The top ranked is the other native speaker. He's a geordie. Apparently the fact that none of the Swedes can understand a word he says doesn't matter, it's the fact that he's consistent grin.

lljkk Netherlands Wed 04-Sep-13 10:37:54

lol, I'm a native English speaker with like a million words published in English so my English skills should be fairly reasonable. But lots of times I don't understand spoken English from certain accents. I sometimes think I have a mild dose of that APD thing (Audio Processing Disorder).

Some Spanish-language accents I'm fine at & others throw me completely, too. It's all down to lack of practice, I suppose. hence why I think diversity is a Good thing.

I'm about to go to a pan-European conference in English and I will literally be the ONLY native English speaker there. That should be interesting! I make a huge effort in emails to not use idioms and sometimes actively pigeon up my words.

Thumbwitch Wed 04-Sep-13 11:26:18

I like the idea, Toys! grin

I do know British people who claim to be unable to understand other regional UK accents. I don't think it's just forriners who have trouble with it, it's sometimes people who CBA to listen, and sometimes people who can't cope with another accent at speed.

I have no problem coping with a broad Glaswegian accent, for e.g. - but plenty of my southern softie London friends reckon they can't understand it!

Thumbwitch Wed 04-Sep-13 11:27:20

Oops, should have read lljkk's post more closely before posting mine! Not heard of APD but I guess that might be what I was describing...

ToysRLuv Wed 04-Sep-13 14:19:03

Tehee, Thumb! Where shall we go? grin

I was very bad with my Chinese flatmate who had a tendency for talking in a Waybuloo kind of way.

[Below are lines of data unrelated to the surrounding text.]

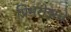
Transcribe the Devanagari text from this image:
प्रिमरोझचे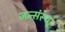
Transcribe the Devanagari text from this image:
जन्संस्था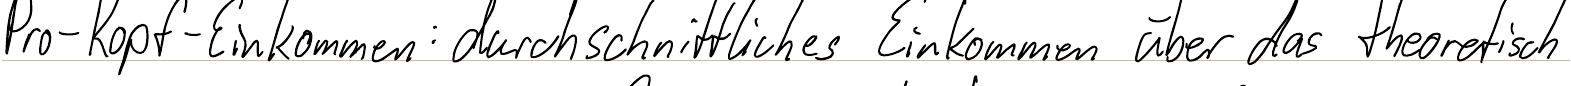
Pro-Kopf-Einkommen: durchschnittliches Einkommen über das theoretisch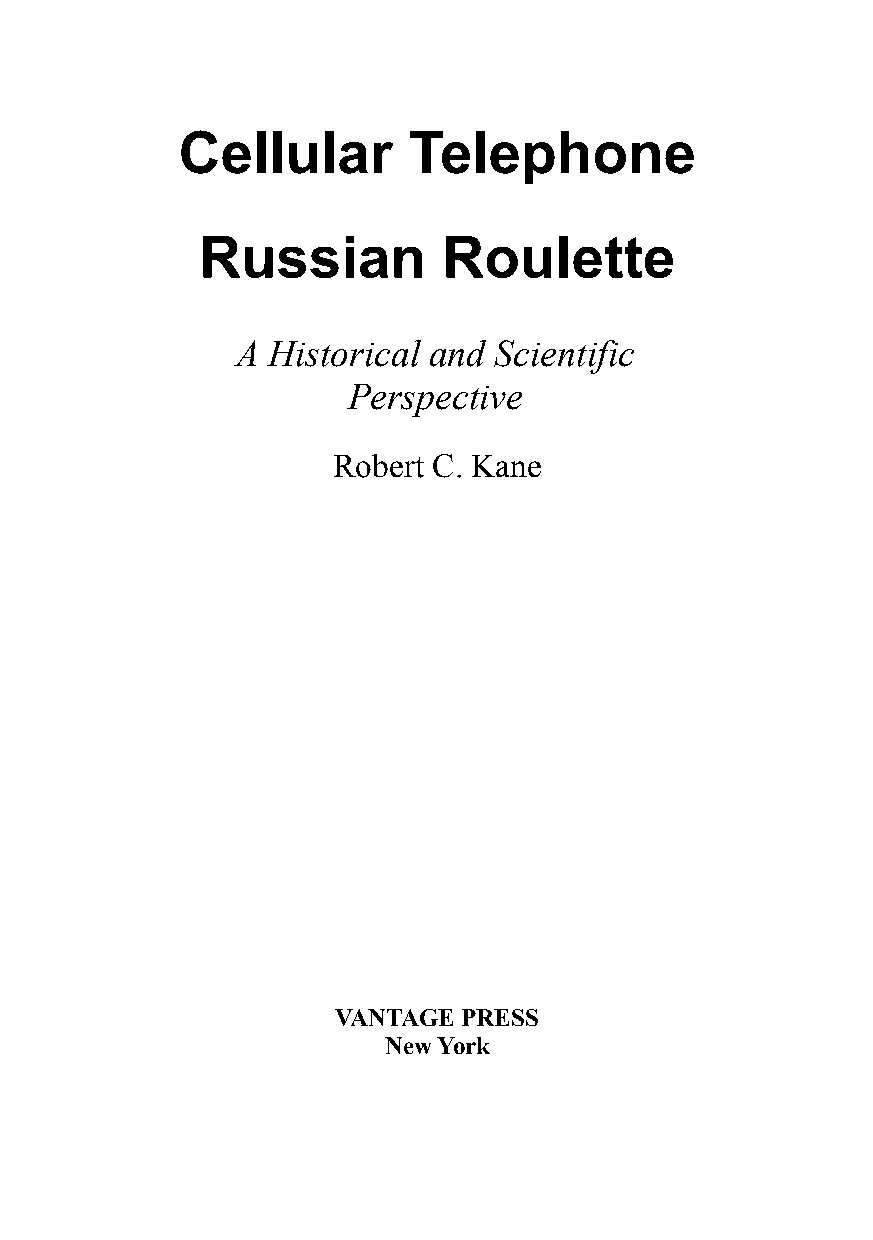
Cellular       Telephone
 Russian         Roulette
 A Historical and Scientific
 Perspective
 Robert C. Kane
 VANTAGE  PRESS
 New York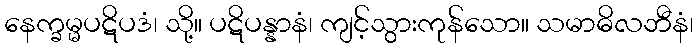
နေက္ခမ္မပဋိပဒံ၊ သို့။ ပဋိပန္နာနံ၊ ကျင့်သွားကုန်သော။ သမာဓိလဘီနံ၊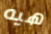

ToysRLuv Wed 04-Sep-13 14:28:25

I felt really bad when I was working with youngsters and one of them (who I only talked to very occasionally) had a broad Glaswegian accent- I just could bot understand anything he was saying, however hard I tried. He wasn't in my group, luckily, because I was slightly terrified that he'd ask me something and then get annoyed because I asked him to repeat himself 20 times.. blush

I'm in a real melting pot of a city with a larger than usual proportion of English in Scotland. You tend to hear a range of accents, which are all fairly mild, so you never get to practice understanding the broad ones.